If a professional gaming site is seriously looking for testers(or trying to build a QA team), it'd be some kind of a joke if all you can put on your resume is '2 years of modding Skyrim'. I don't think I'd be turning heads if I told someone at EA, "hey man I got 5,289 hours in BGS's Creation Kit, I can test stuff for ya!". I might know what I'm doing in their new modern up to date editors(BGS uses old tech dating back from Morrowind), but that alone wont get me through the door.

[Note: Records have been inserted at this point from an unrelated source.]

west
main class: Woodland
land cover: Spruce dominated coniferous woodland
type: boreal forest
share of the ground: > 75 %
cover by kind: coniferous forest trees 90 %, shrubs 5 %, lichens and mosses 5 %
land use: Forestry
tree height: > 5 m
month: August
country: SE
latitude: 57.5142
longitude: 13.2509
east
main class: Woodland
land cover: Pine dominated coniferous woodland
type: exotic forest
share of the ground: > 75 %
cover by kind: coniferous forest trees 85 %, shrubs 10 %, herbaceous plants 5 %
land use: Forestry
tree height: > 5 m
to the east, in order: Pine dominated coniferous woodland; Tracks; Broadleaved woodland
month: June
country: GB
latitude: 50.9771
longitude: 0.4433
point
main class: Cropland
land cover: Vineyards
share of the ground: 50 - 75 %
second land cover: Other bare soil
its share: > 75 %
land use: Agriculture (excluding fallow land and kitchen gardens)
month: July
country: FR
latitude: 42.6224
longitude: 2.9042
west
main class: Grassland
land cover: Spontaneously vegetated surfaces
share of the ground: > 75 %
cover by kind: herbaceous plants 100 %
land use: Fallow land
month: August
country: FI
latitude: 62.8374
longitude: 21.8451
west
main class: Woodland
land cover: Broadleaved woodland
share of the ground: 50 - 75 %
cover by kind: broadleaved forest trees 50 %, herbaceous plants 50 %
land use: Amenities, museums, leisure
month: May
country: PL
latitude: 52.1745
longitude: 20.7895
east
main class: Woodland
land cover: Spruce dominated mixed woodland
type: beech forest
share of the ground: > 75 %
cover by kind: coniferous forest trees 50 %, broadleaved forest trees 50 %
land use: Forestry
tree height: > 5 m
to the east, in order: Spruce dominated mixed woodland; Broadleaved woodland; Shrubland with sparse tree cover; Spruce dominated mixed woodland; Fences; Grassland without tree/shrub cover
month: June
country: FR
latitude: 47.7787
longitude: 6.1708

You need to take this with a grain of sarcasm.

 

But at the same time, considering how much we all learned about game architecture before and after modding games. The closets I ever got to game design was my 2D scroller space invader like game I made in school, almost literately from scratch. Then I got into Sims 2, Sims 3, Dragon Age, and Skyrim, and FO4. It generally requires so much technical knowledge of the game to even maintain a smooth gameplay. Comparing myself now to my old self who never modded games, I would be much more capable at testing games. It is not to say that Skyrim is anything like any other game engine. Even Skyrim and FO4 carry certain differences.

 

However, traditionally, game testers are not even supposed to fix problems. They are given certain scenarios and instructed to exhaust many possibilities and document the experience. "Finish this quest in all possible ways you can, find out any scenario you get stuck, or even scenario you get an intended outcome". That was what I went through in my early days working as intern for some local game companies.